I always wanted a world without waste, but it's hard to get rid of it. What is your plan to help create this world?
creative_petal, Jabalia Prep C School, Occupied Palestinian Territory

Great question; I agree that it is hard to get rid of 'waste'. But what we can do to get a world without waste is to design our world and economy in such a way that waste from one process is usable as a resource or raw material in another process.

For example, when you are processing agricultural produce like rice, you remove the husk and bran which are the tough outer part that are non edible- in most cases, these parts are discarded as waste, but in a world without waste, the husk and bran will be used in either animal feed production or compost making industry.

So my plan is to keep showing everyone, individuals, organizations and industry leaders what is possible and how they can repurpose what they typically call waste in their space.

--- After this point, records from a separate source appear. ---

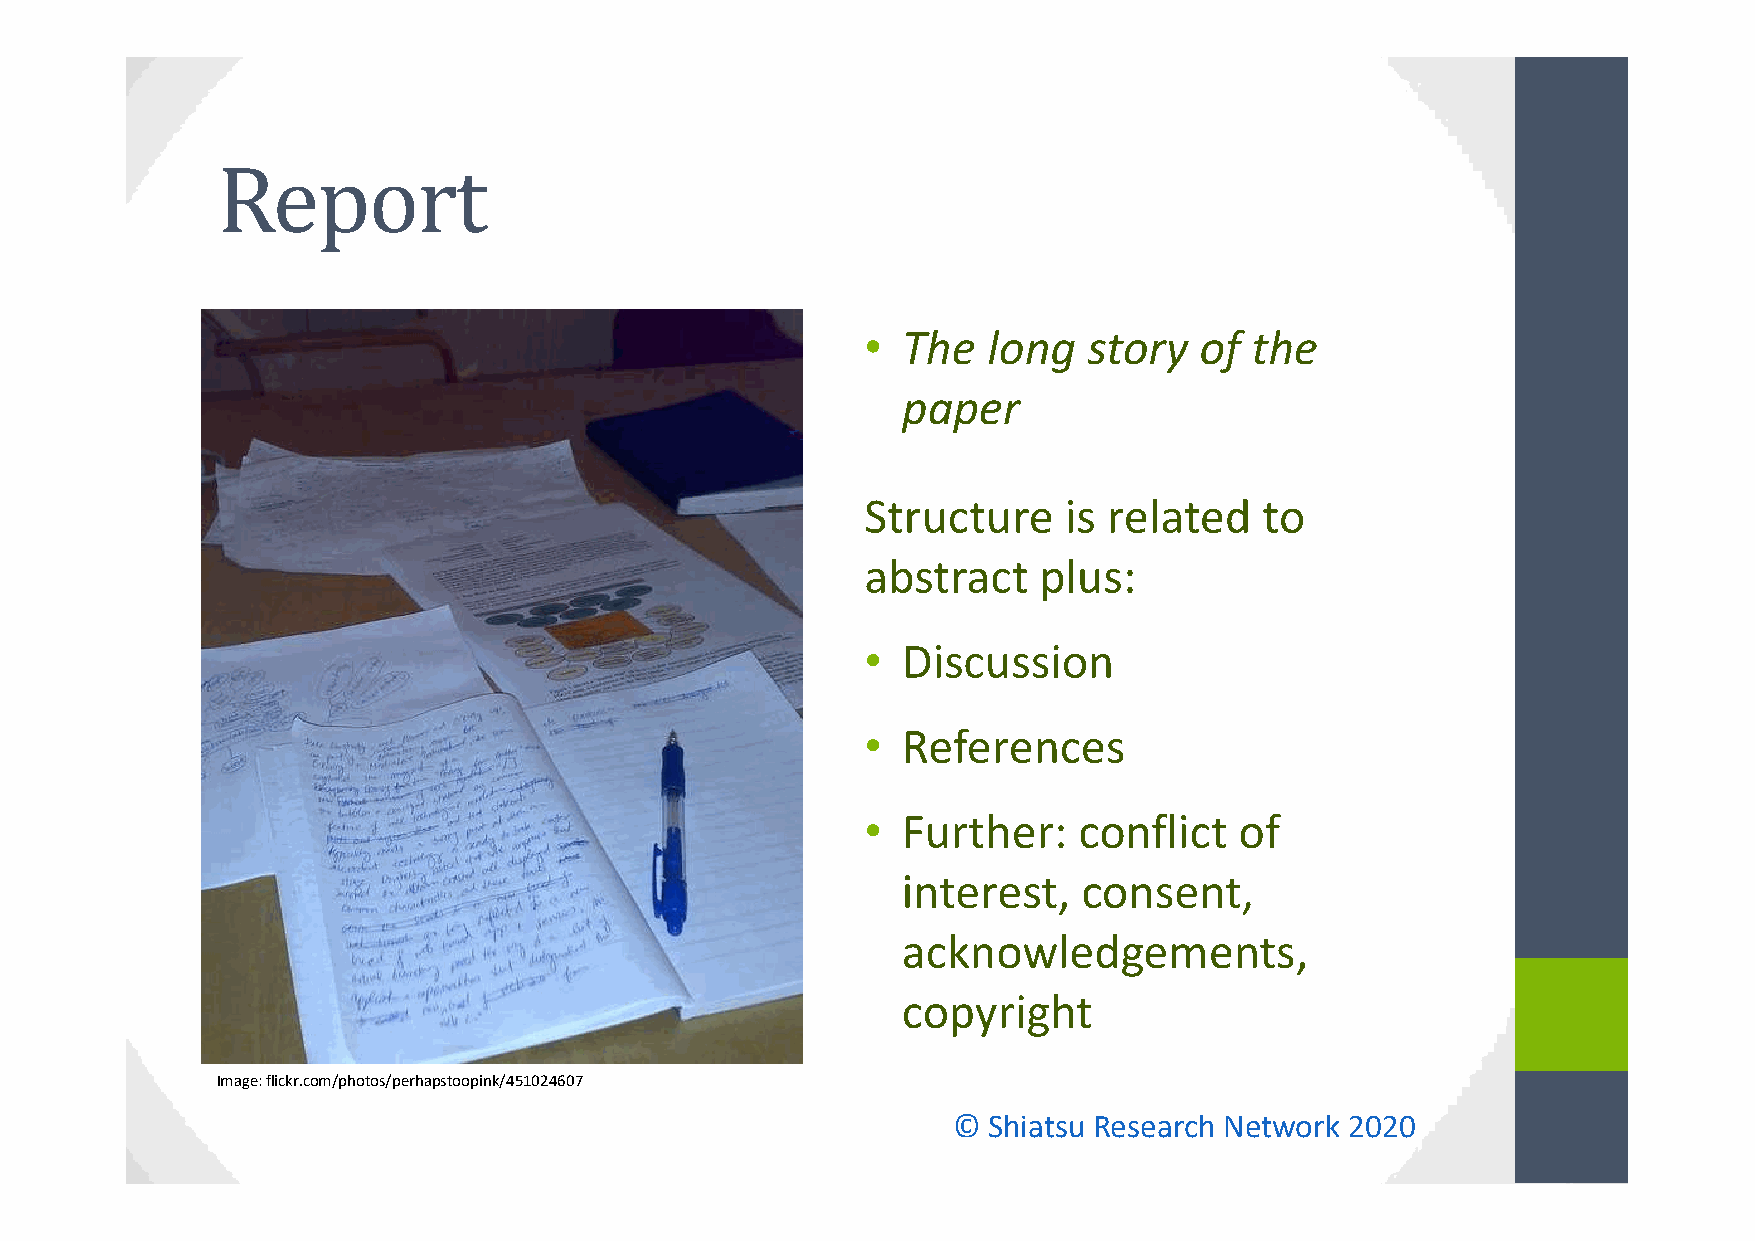
•  The  long   story  of  the
 paper
 Structure    is related    to
 abstract    plus:
 •  Discussion
 •  References
 •  Further:   conflict   of
 interest,   consent,
 acknowledgements,
 copyright
 Image: flickr.com/photos/perhapstoopink/451024607
 © Shiatsu Research Network 2020
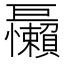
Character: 𱜝
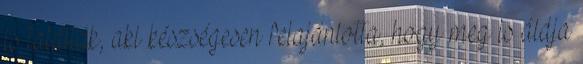
is találták, aki készségesen felajánlotta, hogy meg is áldja
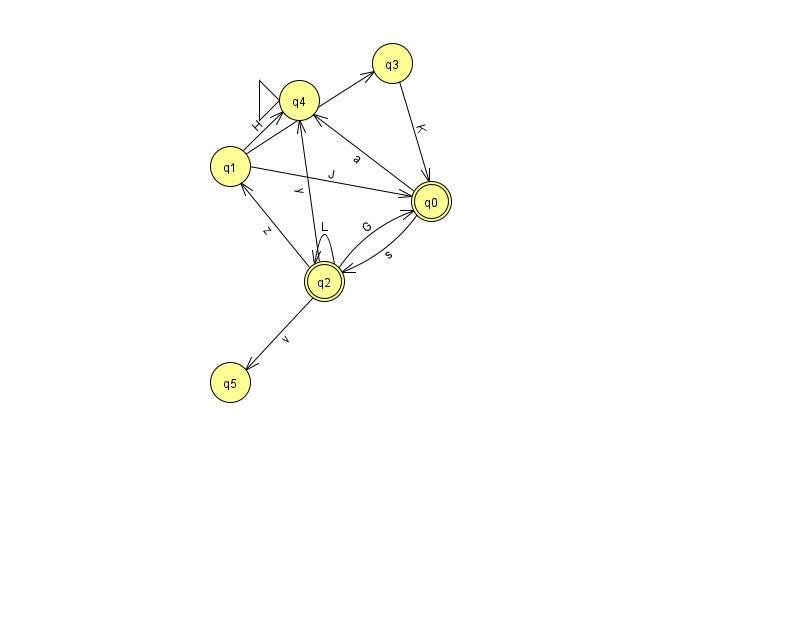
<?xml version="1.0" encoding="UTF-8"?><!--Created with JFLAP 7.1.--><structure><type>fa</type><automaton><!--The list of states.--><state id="0" name="q0"><x>431.0</x><y>188.0</y><final/></state><state id="1" name="q1"><x>230.0</x><y>153.0</y></state><state id="2" name="q2"><x>324.0</x><y>268.0</y><final/></state><state id="3" name="q3"><x>392.0</x><y>50.0</y></state><state id="4" name="q4"><x>299.0</x><y>87.0</y><initial/></state><state id="5" name="q5"><x>230.0</x><y>369.0</y></state><!--The list of transitions.--><transition><from>2</from><to>4</to><read>y</read></transition><transition><from>0</from><to>4</to><read>a</read></transition><transition><from>1</from><to>0</to><read>J</read></transition><transition><from>1</from><to>4</to><read>H</read></transition><transition><from>3</from><to>0</to><read>K</read></transition><transition><from>0</from><to>2</to><read>s</read></transition><transition><from>2</from><to>5</to><read>v</read></transition><transition><from>2</from><to>0</to><read>G</read></transition><transition><from>2</from><to>2</to><read>L</read></transition><transition><from>1</from><to>3</to><read>m</read></transition><transition><from>2</from><to>1</to><read>z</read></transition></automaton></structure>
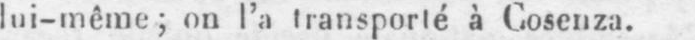
lui-même; on l’a transporté à Cosenza.
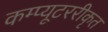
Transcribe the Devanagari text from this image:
कम्प्यूटररीकृत
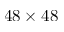
4 8 \times 4 8
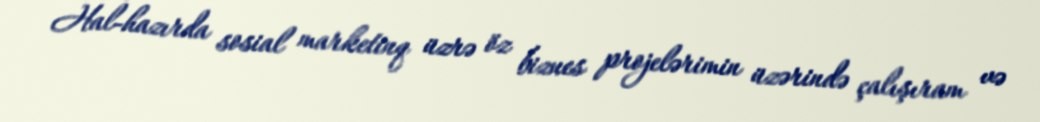
Hal-hazırda sosial marketinq üzrə öz biznes projelərimin üzərində çalışıram və
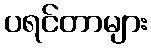
ပရင်တာများ
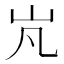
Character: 㞩
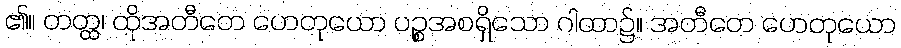
၏။ တတ္ထ၊ ထိုအတီတေ ဟေတုယော ပဉ္စအစရှိသော ဂါထာ၌။ အတီတေ ဟေတုယော
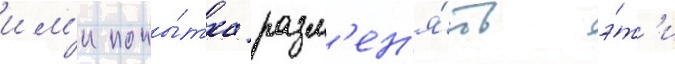
им'и попы́тка разм'ен'я́ть э́т'и
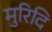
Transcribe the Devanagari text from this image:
मुरिदि
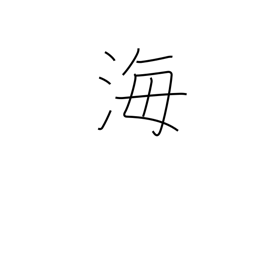
Meaning: ocean
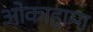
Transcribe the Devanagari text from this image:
ओकाहामा
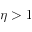
\eta > 1
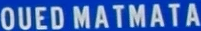
OUEDMATMATA
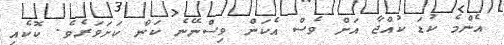
އެންމެ ކުޑަ ކުއްޖާ އަށް ވެސް އެކަން ވިސްނޭނެ ކަން ކަށަވަރެވެ. ކޮކެއި
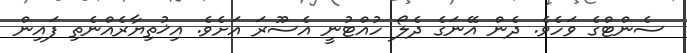
ސެންޓްގެ ވަހެވެ. ދެން އޭނަގެ ދެލޯ ހުއްޓުނީ އެސޫރަ އަށެވެ. އިޚުތިޔާރެއްނެތި ފައިން
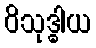
ဝိသုဒ္ဓါယ
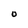
Character: O
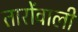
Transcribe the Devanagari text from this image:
तारोंवाली
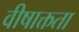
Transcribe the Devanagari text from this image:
वीषाक्तता
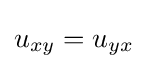
u_{xy}=u_{yx}
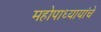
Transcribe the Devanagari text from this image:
महोपाध्यायांचे
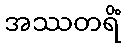
အဿတရိံ
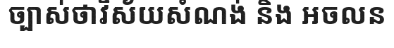
ច្បាស់ថាវិស័យសំណង់ និង អចលន
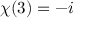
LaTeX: \chi ( 3 ) = - i
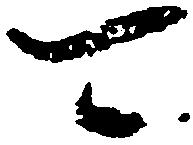
可
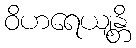
ဝိဟရေယျန္တိ
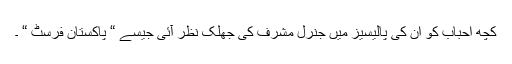
کچھ احباب کو ان کی پالیسیز میں جنرل مشرف کی جھلک نظر آئی جیسے “ پاکستان فرسٹ “ ۔
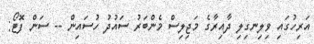
އަރިހުގައި ވިލިނގިލި ދާއިރާގެ މަޖިލިސް މެންބަރު ސައުދު ހުސައިން -- ސަން ފޮޓޯ:
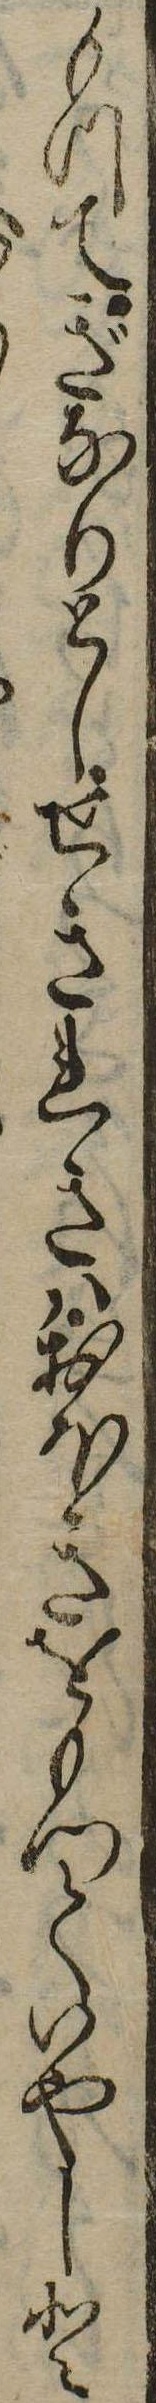
もつてぎなりとしせきれきはおほきをもつていやしと
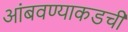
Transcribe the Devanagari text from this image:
आंबवण्याकडची
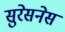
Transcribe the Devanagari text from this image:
सुरेसनेस
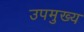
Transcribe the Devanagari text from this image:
उपमुख्य
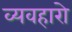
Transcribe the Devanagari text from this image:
व्यवहारो
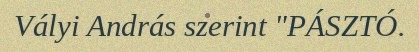
Vályi András szerint "PÁSZTÓ.
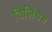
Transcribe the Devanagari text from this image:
विलिंयम
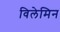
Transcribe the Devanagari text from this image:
विलेमिन
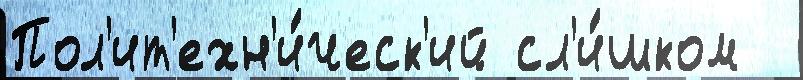
Пол'ит'ехн'и́ческ'ий сл'и́шком
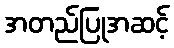
အတည်ပြုအဆင့်
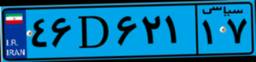
۳۱D۰۷۷۱۶
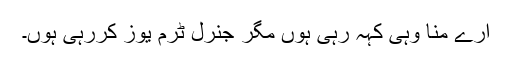
ارے منا وہی کہہ رہی ہوں مگر جنرل ٹرم یوز کررہی ہوں۔
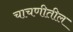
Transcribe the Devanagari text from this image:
चाचणीतील
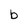
Character: b
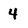
Character: 4
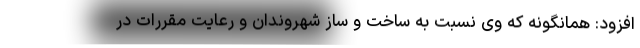
افزود: همانگونه که وی نسبت به ساخت و ساز شهروندان و رعایت مقررات در
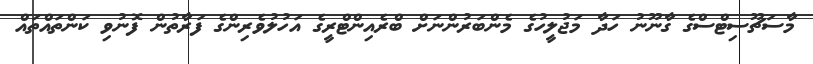
މާސަޗޫސިޓްސްގެ ގާނޫނު ހަދާ މަޖުލީހުގެ މެންބަރުންނަށް ބްރެއިންޓްރީގެ އަހުލުވެރިންގެ ފަރާތުން ފޮނުވި ކަންތައްތައް
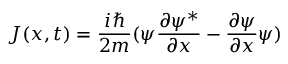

Some people don't understand the concept of recycling and throw their trash anywhere. These same people don't make the difference between normal skips and recycling skips. Don't you think that we should first educate people about this problem so that sustainable development and recycling projects happen with the support of a sensitive population?
trustworthy_planet, Lake Bank Pioneer Preparatory, Tunisia

I absolutely agree that the first place to begin is sensitization. With everything going on in the world, most people often push environmental needs to the background, so it is extremely important that we launch mainstream sensitization campaigns to get people to understand how recycling solves common problems of the day such as environmental degradation, poverty, preventive healthcare and even unemployment.


What best advice could one give to individuals and the government to attend to waste management properly and immediately?
motivated_land, Dawhyenya Methodist Basic School, Ghana

Hmmm... The best advice from my end will be to tell them that the Earth's resources are limited are fast depleting, so Waste management is not a problem but an opportunity to generate resources for local industries, provide decent green jobs and foster a sustainable local economy while helping us conserve the beauty of the environment for longer.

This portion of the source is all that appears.